The Earth is dressed in layers that protect it from the sun's fierce winds, and scientists have identified a new one they call a "warm plasma cloak."

The magnetosphere—the shield of ions and electrons that envelops Earth—extends far beyond the atmosphere, defending the planet from the harmful solar wind.

(Related: "Sun's Mysterious Waves Found; May Be Solar Wind Source" [December 6, 2007].)

Charles "Rick" Chappell, a physicist at Vanderbilt University in Nashville, Tennessee, led a research team that assembled information dating back decades to describe the new magnetosphere layer.

Some of the first hints of the cloak first showed up in data from research satellites in the early 1970s. The cloak was finally confirmed by NASA's Polar satellite, which ended a 12-year run in April 2008.

The cloak's discovery creates a theoretical home for particles that didn't fit with any of the other understood parts of the Earth's magnetosphere, Chappell said.

"The cloak particles didn't fit with any of the other regions."

The results appeared in fall 2008 in the Journal of Geophysical Research.

Flying Horseman

Chappell and his colleagues called the layer the "warm plasma cloak" because it conjured an image for them of a person on a horse, wearing a long cloak. Plasma is ionized gas found in space.

The cloak's tails billow in response to the direction of solar winds.

The warm plasma cloak begins thinly on the nightside—or darkside—of the planet and wraps around to the dayside, where it becomes thickest until noon. In the afternoon, convective winds push the cloak out toward the edge of the magnetosphere, where it's peeled off by solar winds.

Depending on where it is relative to Earth, and the energy of the solar wind, the cloak can be found anywhere from 13,000 to 65,000 miles (20,000 to 105,000 kilometers) above the Earth's surface. It is always thickest on the planet's dayside.

The most notable magnetic field elsewhere in the solar system is that of Jupiter's.

"Jupiter's magnetosphere would be the largest object in the solar system if you could see it—larger than the sun," Chappell said.

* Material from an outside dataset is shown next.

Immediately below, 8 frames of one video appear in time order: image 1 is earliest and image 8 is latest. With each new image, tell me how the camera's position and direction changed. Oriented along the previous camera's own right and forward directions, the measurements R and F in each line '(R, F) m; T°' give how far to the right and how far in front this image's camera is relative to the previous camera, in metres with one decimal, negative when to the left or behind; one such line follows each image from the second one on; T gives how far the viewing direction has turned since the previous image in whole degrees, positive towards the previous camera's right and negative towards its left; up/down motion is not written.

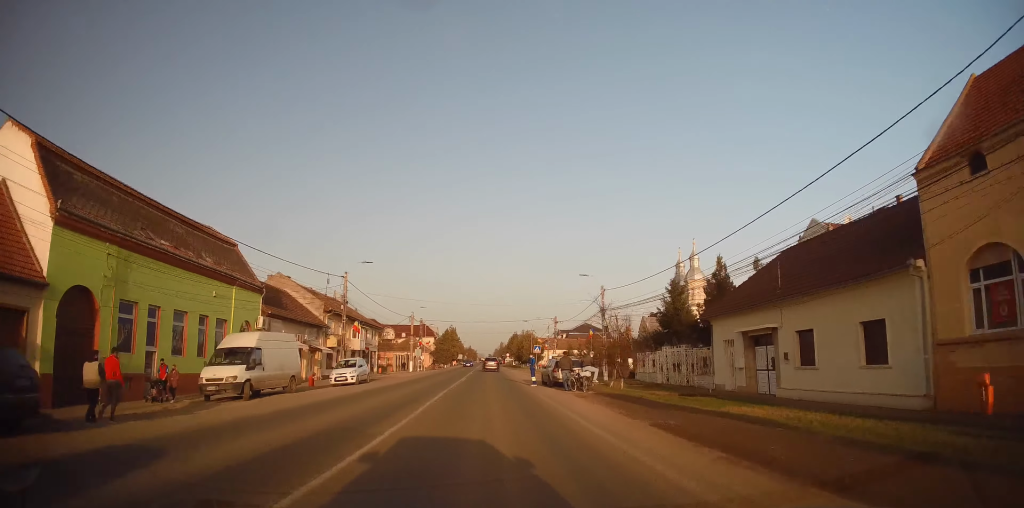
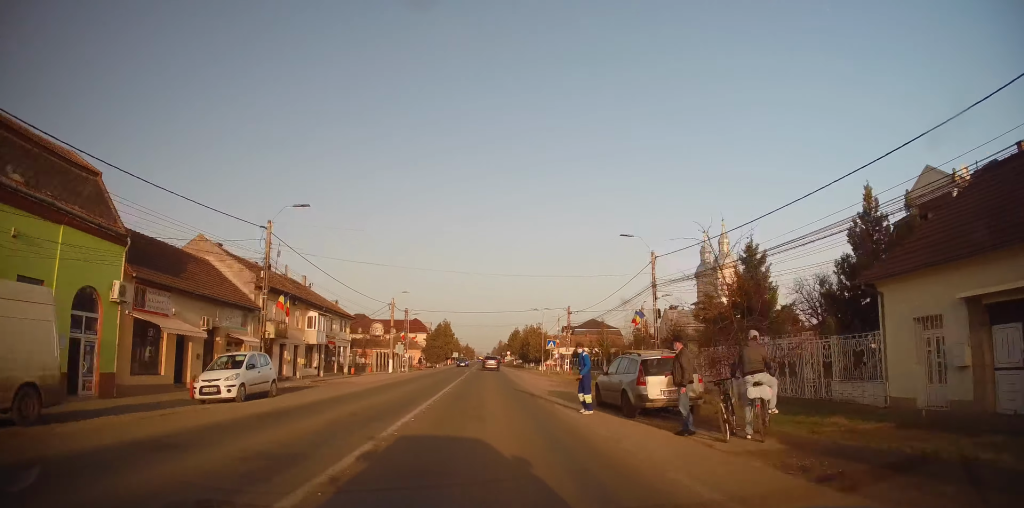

Earth's magnetosphere is more than a million miles in the tail, which trails off in the downwind direction from the sun. It's so far-reaching that the moon orbits through it every month.

Magnetic Boon and Bane

The formerly mysterious warm plasma cloak is also implicated in one of the menacing effects of the magnetic field—damage to dozens of human-made satellites over the years.

"The warm plasma cloak is part of the environment that communications and weather satellites fly in," Chappell said. "It will play a role in how much the spacecraft charge electrically."

The magnetosphere can induce power surges in the electrical grid on Earth, triggering blackouts, interfering with radio transmissions, and disrupting GPS signals, Chappell pointed out—especially when it's perturbed by changes in the sun's solar wind.

Michelle Thomsen is a space physicist at Los Alamos National Lab in New Mexico who was not involved in the new study, but reviewed it prior to publication. She called the paper "interesting and useful."

"The proposed new name is catchy and could be a worthwhile addition to the magnetospheric taxonomy," she said.